News Life and Health30 Oct 2018

Australia:Satisfaction with risk and life insurance declines

| 30 Oct 2018

Satisfaction with risk and life insurance has fallen to 65.4% in September 2018, down from 66.4% in 2017 and 69.5% in 2015, according to new research from Roy Morgan, a market research company.

At these levels, risk and life insurance continues to have the lowest satisfaction of all major household and personal insurance types including general and health insurance.

These are the latest findings from Roy Morgan’s Single Source Survey (Australia) which is based on in-depth personal interviews conducted face-to-face with over 50,000 Australians per annum in their homes, including over 10,000 with risk and life insurance.

Insuranceline tops satisfaction ratings

In the year to September 2018, Insuranceline with a satisfaction rating of 81.6% was the best performer, well ahead of second placed Suncorp Insurance (78.7%) and Real Insurance (74.7%).

AMP the market leader in terms of the number of policies, had 64.3% customer satisfaction and was below the market average (65.4%), showing a drop of 1.6% points over the year. The second largest player is MLC and it scored marginally below average with 64.9%, having declined by 1.9% points over the last 12 months.

Although overall satisfaction with risk and life insurance declined over the year, some companies showed improvement. The biggest gains were from Suncorp Insurance (up 8.6% points), Asteron (up 6.5% points), Zurich (up 6.2% points) and Insuranceline (up 4.0% points). The major brands showing declines in satisfaction were Westpac (down 10.3% points), Alliance (down 4.4% points), AIA Australia (down 4.4% points) and TAL (down 4.3% points).

Satisfaction improves likelihood of customer retention

Customer retention is important in a market where over 1m risk and life policies over the last year were at risk of being moved because they either actually changed their provider (226,000) or at least were considering to do so by looking around (795,000). Policyholders that say that they are ‘extremely likely’ to renew their insurance with the same company have a satisfaction rating of 73.3%, well above the market average of 65.4%.

As the likelihood of renewing with the same company declines, we see that this is associated with much lower satisfaction levels. Among policy holders who are unlikely to renew with the same company only around a quarter (25.6%) are satisfied with their current insurer, compared to 66.9% satisfaction among those who are at lease fairly likely to renew.

In addition to the million existing policies that are potentially subject to changing provider in a year, there are also those that are entering the market for the first time. In the 12 months to September 2018, this amounted to 228,000 new risk and life policies, which when combined with existing policyholders that are potential changers, makes for a total available market of over 1.2m in a 12-month period.

Norman Morris, Industry Communications Director, Roy Morgan said, “These results show that although 86% of risk and life insurance policies are renewed automatically without shopping around, there is a risk associated with having below average satisfaction as this has the potential to discourage renewal and new clients.

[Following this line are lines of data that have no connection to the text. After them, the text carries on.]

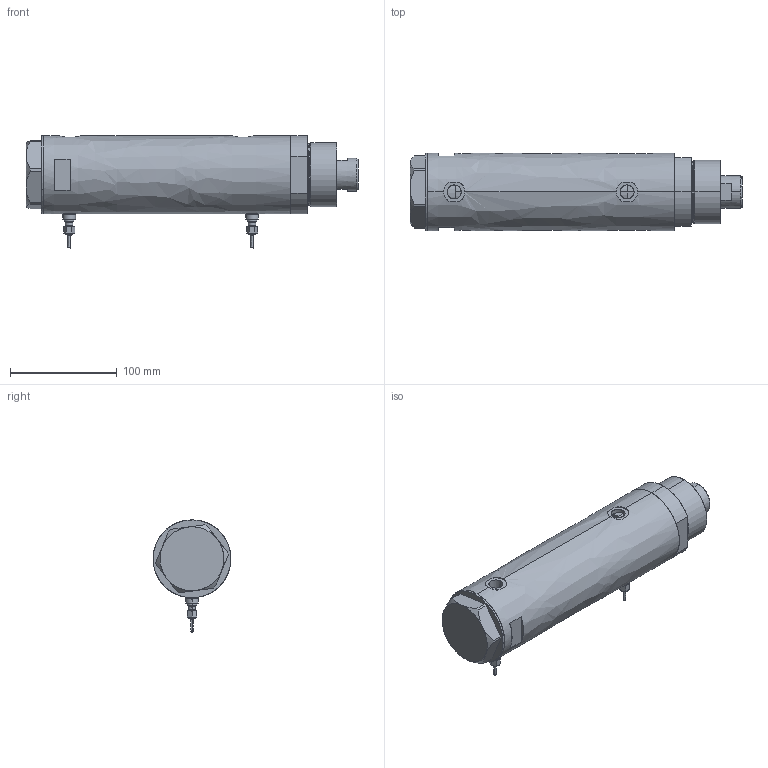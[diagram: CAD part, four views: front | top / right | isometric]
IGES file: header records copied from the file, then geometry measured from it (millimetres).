
Start section: SolidWorks IGES file using analytic representation for surfaces
Global section: file name: 6e37.IGS; native system: SolidWorks 2019; preprocessor: SolidWorks 2019; author: Model3D; date: 220415.090036; units: millimetre
Bounding box: 311.52 x 73 x 105.3 mm (x, y, z)
Surface area: 178435.9 mm2 (no closed solid volume)
Topology: 0 solids, 0 shells, 231 faces, 4877 edges, 4875 vertices
Faces by surface type: revolution 127, bspline 104
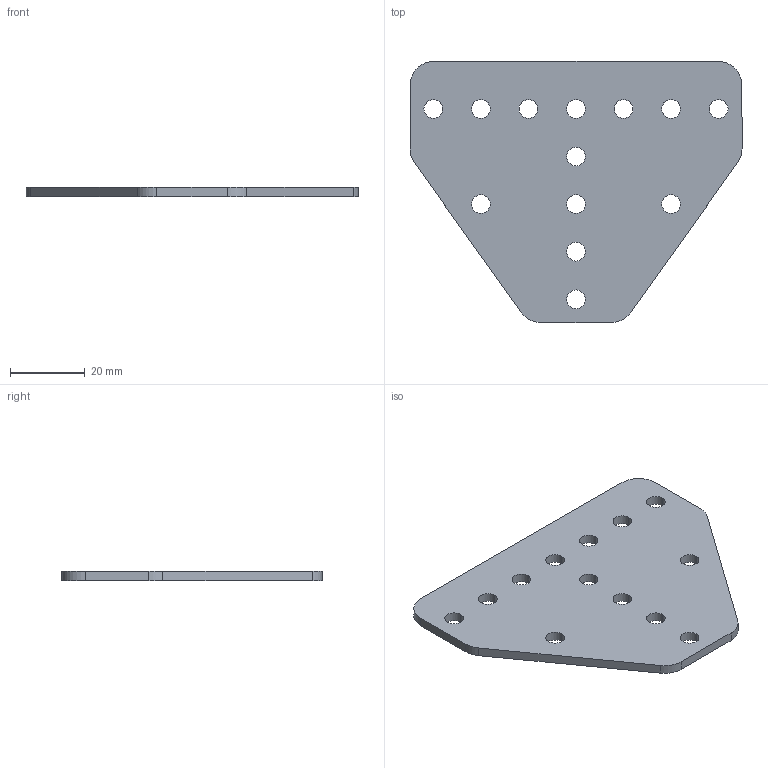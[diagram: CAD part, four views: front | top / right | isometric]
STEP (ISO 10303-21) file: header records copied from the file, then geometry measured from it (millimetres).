
FILE_DESCRIPTION (( 'STEP AP214' ), '1' );
FILE_NAME ('WCP-1070 Rev1.step', '2023-10-27T19:31:20', ( '' ), ( '' ), 'SwSTEP 2.0', 'SolidWorks 2022', '' );
FILE_SCHEMA (( 'AUTOMOTIVE_DESIGN' ));
Length unit declared in the file: inch
Products named in the file (1): WCP-1070 Rev1
Bounding box: 88.65 x 69.72 x 2.5 mm (x, y, z)
Volume: 11261.7 mm3; surface area: 10185.2 mm2
Topology: 1 solids, 1 shells, 40 faces, 114 edges, 76 vertices
Faces by surface type: cylinder 32, plane 8
Entity records: 1434 total; most frequent: DIRECTION 260, CARTESIAN_POINT 231, ORIENTED_EDGE 228, EDGE_CURVE 114, AXIS2_PLACEMENT_3D 105, VERTEX_POINT 76, EDGE_LOOP 66, CIRCLE 64

“The channel used to purchase risk and life insurance is important because it may impact satisfaction and retention. The most frequent method used to purchase this type of insurance is still directly from an insurance company with 36%, which has been falling over the last three years from 42% in 2015. The most common way people purchase directly from their insurance company is by telephone.

“Purchasing this type of insurance online is relatively small with 9.3%, having only shown gradual growth from 6.7% over recent years. The biggest increase in the purchasing channel used over the last three years has been from employer as part of superannuation, which has increased from 16.3% to 26.5%. The other major channel is the use of insurance brokers and financial planners which now account for around 17% of the market, down from 21.8% three years ago.

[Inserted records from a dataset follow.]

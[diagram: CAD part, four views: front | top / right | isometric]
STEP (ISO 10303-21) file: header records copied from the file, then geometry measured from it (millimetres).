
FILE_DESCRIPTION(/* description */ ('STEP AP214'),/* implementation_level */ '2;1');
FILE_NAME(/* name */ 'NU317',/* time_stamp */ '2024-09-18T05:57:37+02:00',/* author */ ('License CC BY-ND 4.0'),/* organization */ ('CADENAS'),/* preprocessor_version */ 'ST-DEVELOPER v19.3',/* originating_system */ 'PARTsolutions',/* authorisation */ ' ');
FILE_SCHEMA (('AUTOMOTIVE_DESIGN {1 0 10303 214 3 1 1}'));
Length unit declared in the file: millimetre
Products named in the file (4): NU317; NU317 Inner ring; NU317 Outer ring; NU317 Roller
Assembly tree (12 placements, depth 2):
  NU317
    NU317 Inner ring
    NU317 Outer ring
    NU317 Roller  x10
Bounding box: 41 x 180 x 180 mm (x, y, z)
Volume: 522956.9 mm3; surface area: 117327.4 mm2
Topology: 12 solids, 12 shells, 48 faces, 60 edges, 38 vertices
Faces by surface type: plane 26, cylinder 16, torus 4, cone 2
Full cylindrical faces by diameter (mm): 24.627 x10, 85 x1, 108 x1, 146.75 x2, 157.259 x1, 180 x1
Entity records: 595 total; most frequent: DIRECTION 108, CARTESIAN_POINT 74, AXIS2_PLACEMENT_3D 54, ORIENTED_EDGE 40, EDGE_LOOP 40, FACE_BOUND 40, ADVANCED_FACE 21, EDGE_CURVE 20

“The use of these third parties to purchase risk and life insurance has the potential to take the customer relationship away from insurance companies and as a result they are likely to have less control over satisfaction and retention levels.

“The considerable adverse publicity given to life insurance by the Finance Royal Commission is likely to have been a contributing factor in continuing the decline in satisfaction.”